143 S.E. 256 | N.C. | 1928
STACY, C. J., not sitting. This is an action for actionable negligence instituted by plaintiff against the Frederickson Motor Express Lines, Inc., and the United States Fidelity and Guaranty Company.
It is alleged in the complaint: "The defendant, the United States Fidelity Company, is, and at the time of the matters hereinafter alleged, was a corporation having its principal office in the city of Baltimore, State of Maryland, and duly licensed to engage in the business in the State of North Carolina, and to issue and become bound upon bonds and policies of casualty, accident and indemnity insurance, and particularly upon that class of bonds required by chapter 50, Public Laws of North Carolina, 1925. That in accordance with the provisions of chapter 50 of Public Laws of North Carolina of 1925, the defendant, United States Fidelity and Guaranty Company, on 7 May, 1927, issued its bond or policy of insurance for the protection of the public against injuries received through the negligence of its codefendant, which said bond or policy of insurance was in force at the time of the matters herein complained of and covered the motor truck of its codefendant, which said motor truck is hereinafter referred to."
The defendant demurred on the ground that this joinder was prohibited by section 6 of chapter 136 of the Public Laws of 1927. The court below overruled the demurrer, and the defendants appealed to this Court.

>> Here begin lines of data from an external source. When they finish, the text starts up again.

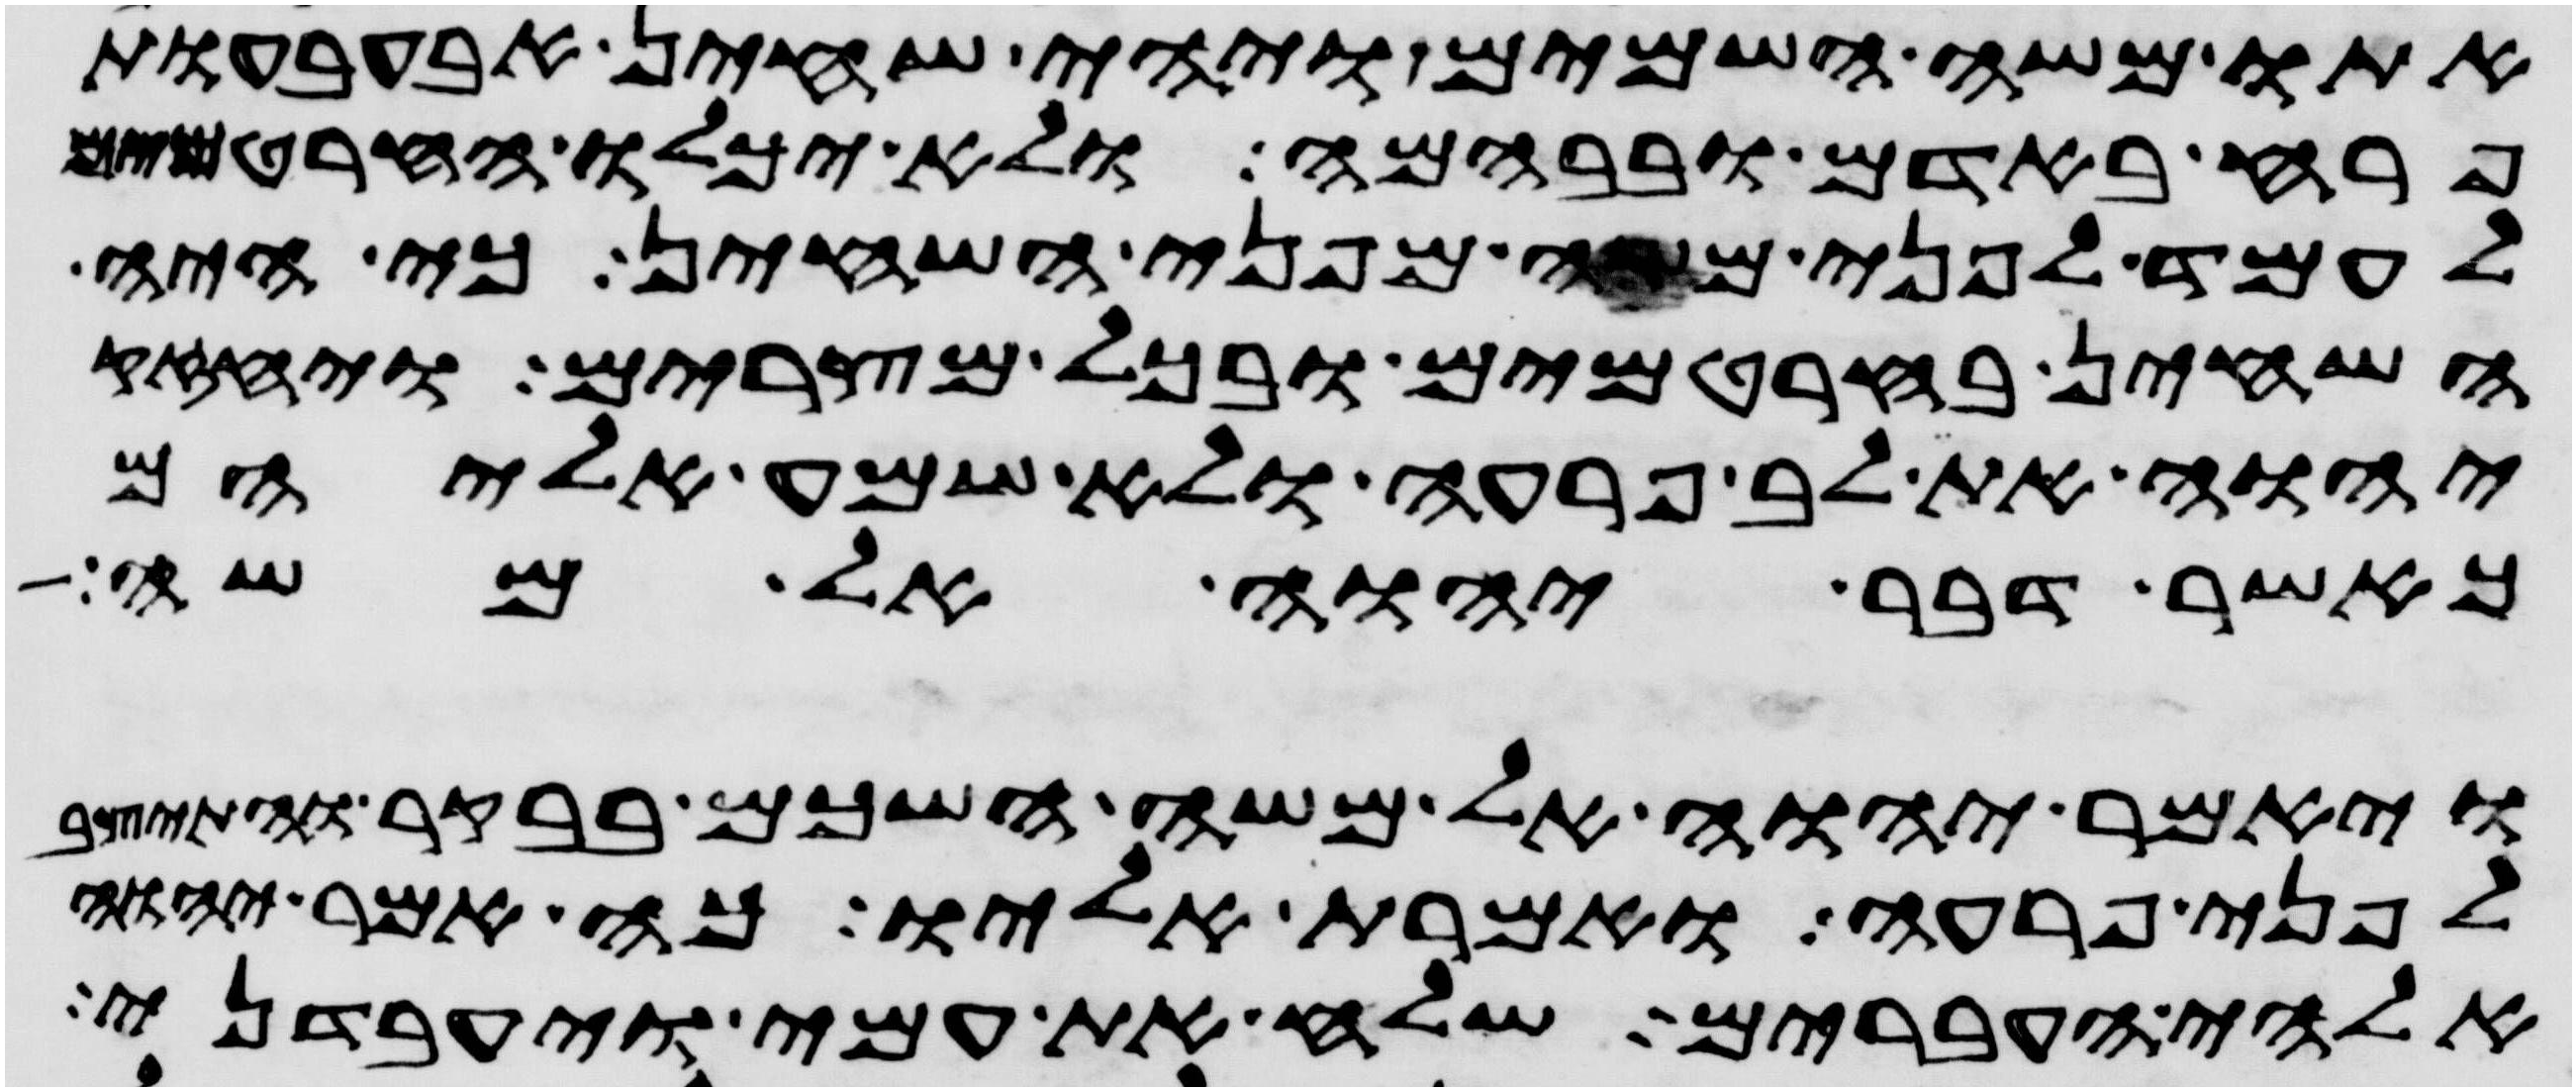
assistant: אתו משה השמים ויהי שחין אבעבעות
פרח באדם ובבהמה ולא יכלו החרטמים
לעמד לפני משה מפני השחין כי היה
השחין בחרטמים ובכל מצרים ויחזק
יהוה את לב פרעה ולא שמע אליהם
כאשר דבר יהוה אל משה
ויאמר יהוה אל משה השכם בבקר והתיצב
לפני פרעה ואמרת אליו כה אמר יהוה
אלהי העברים שלח את עמי ויעבדני
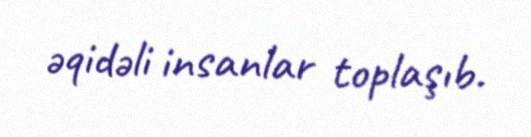
əqidəli insanlar toplaşıb.
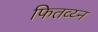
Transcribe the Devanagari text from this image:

We think the demurrer should have been sustained.
This Court in Harrison v. Transit Co.,
Public Laws 1927, chap. 136, sec. 6, which, after prescribing that the commission shall, in granting franchise certificate to operate passenger and freight motor lines, and providing for requiring such applicants to procure and file with the commission proper liability and property damage insurance, insuring passengers and the public receiving personal injury by reason of an act of negligence arising from the operation of any motor vehicle by the applicant upon the public highways of the *684 State, etc., provides: "In any action in the courts arising out of damageto person or property, the assurer shall not be joined in the actionagainst the assured; but upon final judgment against the assured, theassurer shall be liable within the limitations of the policy for the amountrecovered and all the court costs." (Italics ours.)
It seems that the Legislature enacted the above provision to meet the decision in the Harrison case, supra, and we must so hold.

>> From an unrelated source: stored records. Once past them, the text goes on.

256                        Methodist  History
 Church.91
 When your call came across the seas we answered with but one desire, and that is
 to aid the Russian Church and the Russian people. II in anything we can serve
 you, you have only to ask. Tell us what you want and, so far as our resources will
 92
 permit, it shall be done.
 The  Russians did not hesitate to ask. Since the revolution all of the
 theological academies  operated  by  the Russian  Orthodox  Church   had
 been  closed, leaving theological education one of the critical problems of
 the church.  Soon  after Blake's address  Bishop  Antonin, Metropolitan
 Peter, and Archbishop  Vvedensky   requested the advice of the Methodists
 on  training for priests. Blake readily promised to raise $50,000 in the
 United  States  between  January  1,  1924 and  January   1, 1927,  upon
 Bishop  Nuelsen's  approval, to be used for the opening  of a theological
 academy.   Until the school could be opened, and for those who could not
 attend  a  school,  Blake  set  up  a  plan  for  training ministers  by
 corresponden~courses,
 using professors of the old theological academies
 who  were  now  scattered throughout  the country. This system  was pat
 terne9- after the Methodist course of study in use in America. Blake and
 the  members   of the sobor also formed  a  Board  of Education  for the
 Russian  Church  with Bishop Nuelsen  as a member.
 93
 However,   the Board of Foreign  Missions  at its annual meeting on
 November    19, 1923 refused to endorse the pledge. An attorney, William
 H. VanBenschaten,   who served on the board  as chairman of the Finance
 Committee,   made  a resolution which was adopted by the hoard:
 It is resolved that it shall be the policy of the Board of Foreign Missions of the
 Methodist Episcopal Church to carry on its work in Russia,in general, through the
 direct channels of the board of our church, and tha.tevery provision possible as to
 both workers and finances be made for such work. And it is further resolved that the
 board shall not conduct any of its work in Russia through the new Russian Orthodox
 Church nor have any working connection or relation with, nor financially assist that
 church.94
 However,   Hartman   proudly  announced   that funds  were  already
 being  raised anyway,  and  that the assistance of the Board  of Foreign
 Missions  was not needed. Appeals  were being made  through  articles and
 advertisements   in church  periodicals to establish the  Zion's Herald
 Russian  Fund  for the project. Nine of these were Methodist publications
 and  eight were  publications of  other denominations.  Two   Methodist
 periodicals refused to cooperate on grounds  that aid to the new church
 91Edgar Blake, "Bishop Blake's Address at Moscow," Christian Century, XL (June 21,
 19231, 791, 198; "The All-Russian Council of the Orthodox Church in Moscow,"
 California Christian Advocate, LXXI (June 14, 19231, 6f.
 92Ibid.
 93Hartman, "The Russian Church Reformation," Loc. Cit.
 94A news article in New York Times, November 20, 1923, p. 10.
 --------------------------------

Said Public Laws 1927, chap. 136, sec. 20, is as follows: "That all acts or parts of acts in conflict with or inconsistent herewith are hereby repealed to the extent of said conflict or inconsistency; but nothing herein contained shall be construed to relieve any motor vehicle carrier, as herein defined, from any regulation otherwise imposed by law or lawful authority; neither shall this act be construed to affect any obligation arising under duty imposed by nor right of action accruing under chapter fifty, Public Laws of one thousand nine hundred and twenty-five, and amendments thereto. (Sec. 22.) That this act shall be in full force and effect from and after June thirtieth, one thousand nine hundred and twenty-seven."

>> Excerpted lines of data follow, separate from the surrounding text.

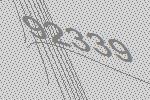
92339
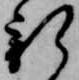
新
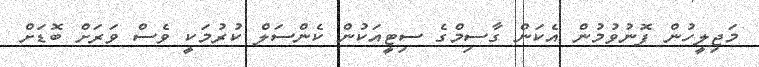
މަޖިލީހުން ފޮނުވުމުން އެކަން ގާސިމްގެ ސިޓީއަކުން ކެންސަލް ކުރުމަކީ ވެސް ވަރަށް ބޮޑަށް
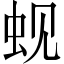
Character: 蚬
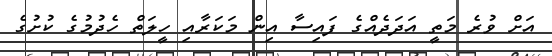
އަށް ވުރެ މަތީ އަދަދެއްގެ ފައިސާ އިން މަކަރާއި ހީލަތް ހެދުމުގެ ކުށުގެ
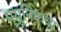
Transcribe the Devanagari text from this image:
म्युनिकचा
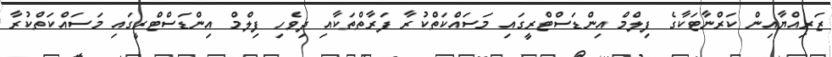
ޒަރިއްޔާއިން ކަރްނާޓަކާގެ ފިލްމް އިންޑަސްޓްރީގައި މަސައްކަތްކުރާ ފަރާތްތަކާއި ދިވެހި ފިލްމް އިންޑަސްޓްރީގައި މަސައްކަތްކުރާ
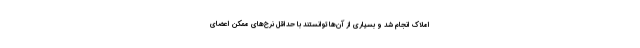
املاک انجام شد و بسیاری از آن‌ها توانستند با حداقل نرخ‌های ممکن اعضای
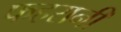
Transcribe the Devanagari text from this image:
फहरानी
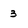
Character: 3
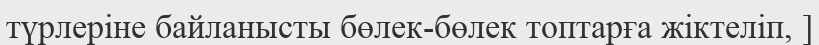
түрлеріне байланысты бөлек-бөлек топтарға жіктеліп, ]
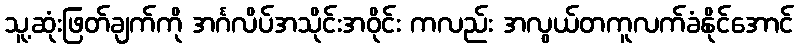
သူ့ဆုံးဖြတ်ချက်ကို အင်္ဂလိပ်အသိုင်းအဝိုင်း ကလည်း အလွယ်တကူလက်ခံနိုင်အောင်
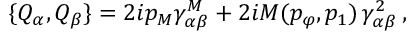
\{ Q _ { \alpha } , Q _ { \beta } \} = 2 i p _ { M } \gamma _ { \alpha \beta } ^ { M } + 2 i M ( p _ { \varphi } , p _ { 1 } ) \, \gamma _ { \alpha \beta } ^ { 2 } \, ,
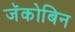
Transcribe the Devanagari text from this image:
जॅकोबिन
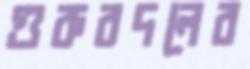
গুরুবদলের
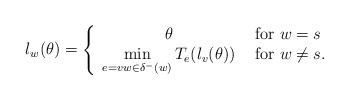
LaTeX: \begin{align*} \l_w(\theta) = \left\{\begin{array}{cl}\theta & \mbox{ for $w=s$} \\ \min\limits_{e=vw \in \delta^- (w)} T_e(\l_v(\theta)) & \mbox{ for $w \neq s$}.\end{array}\right.\end{align*}
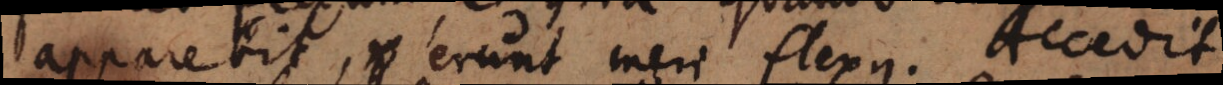
apparebit, erunt meri flexus. Accedit
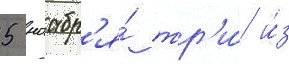
5 ноабр'я́ тр'и́ и́з
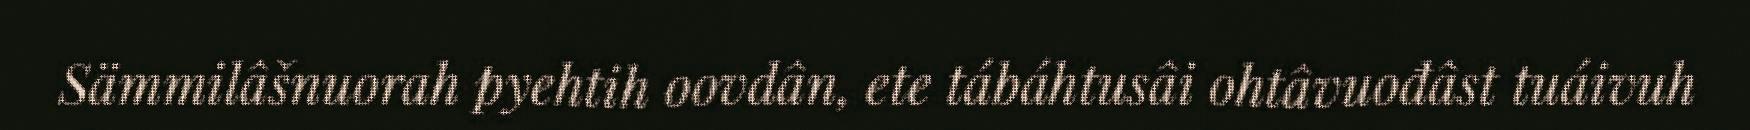
Sämmilâšnuorah pyehtih oovdân, ete tábáhtusâi ohtâvuođâst tuáivuh
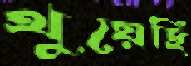
থুয়েছি
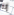
إنه
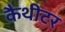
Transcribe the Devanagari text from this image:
कैथीटर
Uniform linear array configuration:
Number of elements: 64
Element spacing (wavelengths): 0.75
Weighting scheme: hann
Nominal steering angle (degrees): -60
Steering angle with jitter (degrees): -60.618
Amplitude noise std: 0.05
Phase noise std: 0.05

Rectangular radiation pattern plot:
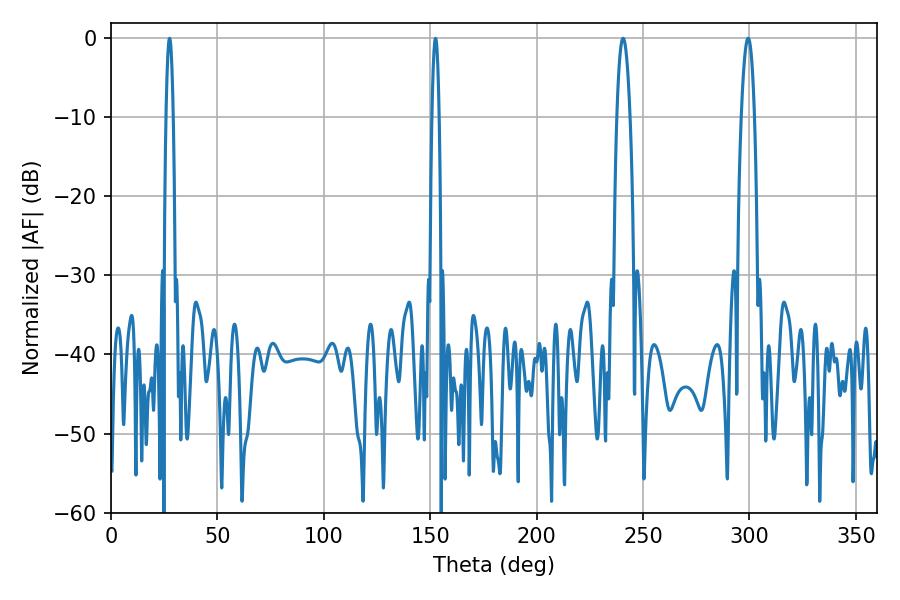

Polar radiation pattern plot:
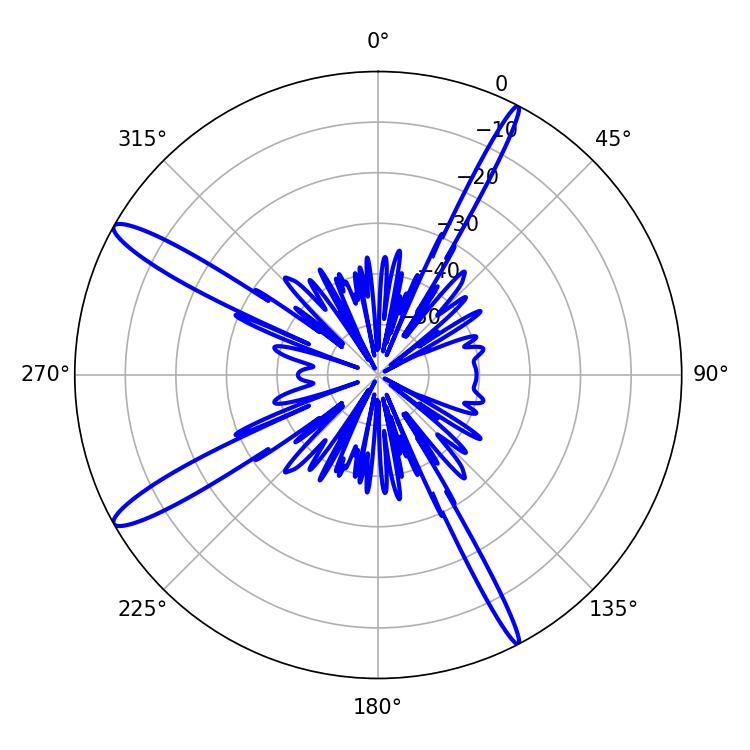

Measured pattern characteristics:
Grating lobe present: TRUE
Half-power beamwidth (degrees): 3.24
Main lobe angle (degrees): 240.66
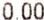
0.00
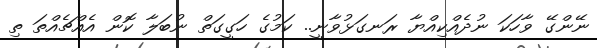
ނޭންގޭ ވާހަކަ ނުދެއްކިއްޔާ ރަނގަޅުވާނީ.. ކަމުގެ ހަގީގަތް ނުބަލާ ކޮން އެއްޗެއްތަ ތި
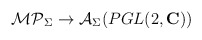
\begin{align*}{\cal MP}_\Sigma \rightarrow {\cal A}_{\Sigma}(PGL(2,{\bf C}))\end{align*}

The summons in the present action was issued 3 January, 1928, and the complaint was verified on the same day. The allegation in the complaint was to the effect that the occurrence or injury upon which the present action was based took place on 26 November, 1927. The bond by defendant Guaranty Company was given 7 May, 1927, and was a "continuing contract." White Co.v. Hickory, ante 42. The occurrence, or injury, took place, and the suit was brought, after the act of 1927, chapter 136, went into effect on 30 June, 1927.
In Graves v. Howard, 159 N.C. at p. 602, quoting in part from Cooley Const. Lim., 402, it is said: "Whatever belongs merely to the remedy may be altered according to the will of the State, provided the alteration does not impair the obligation of the contract; and it does not impair it, provided it leaves the parties a substantial remedy, according to the course of justice as it existed at the time the contract was made. It has accordingly been held that laws changing remedies for the enforcement of legal contracts, or abolishing one remedy where two or more existed, may be perfectly valid, even though the new or the remaining remedy be less convenient than that which was abolished, or less prompt and speedy." Dunnv. Jones, ante, 354; Brown v. Auto Service Co., ante, 647.
Under the facts and circumstances of this case, we must hold that the statute prohibits the joinder of the assurer and the assured.
For the reason given, the judgment of the court below must be Reversed.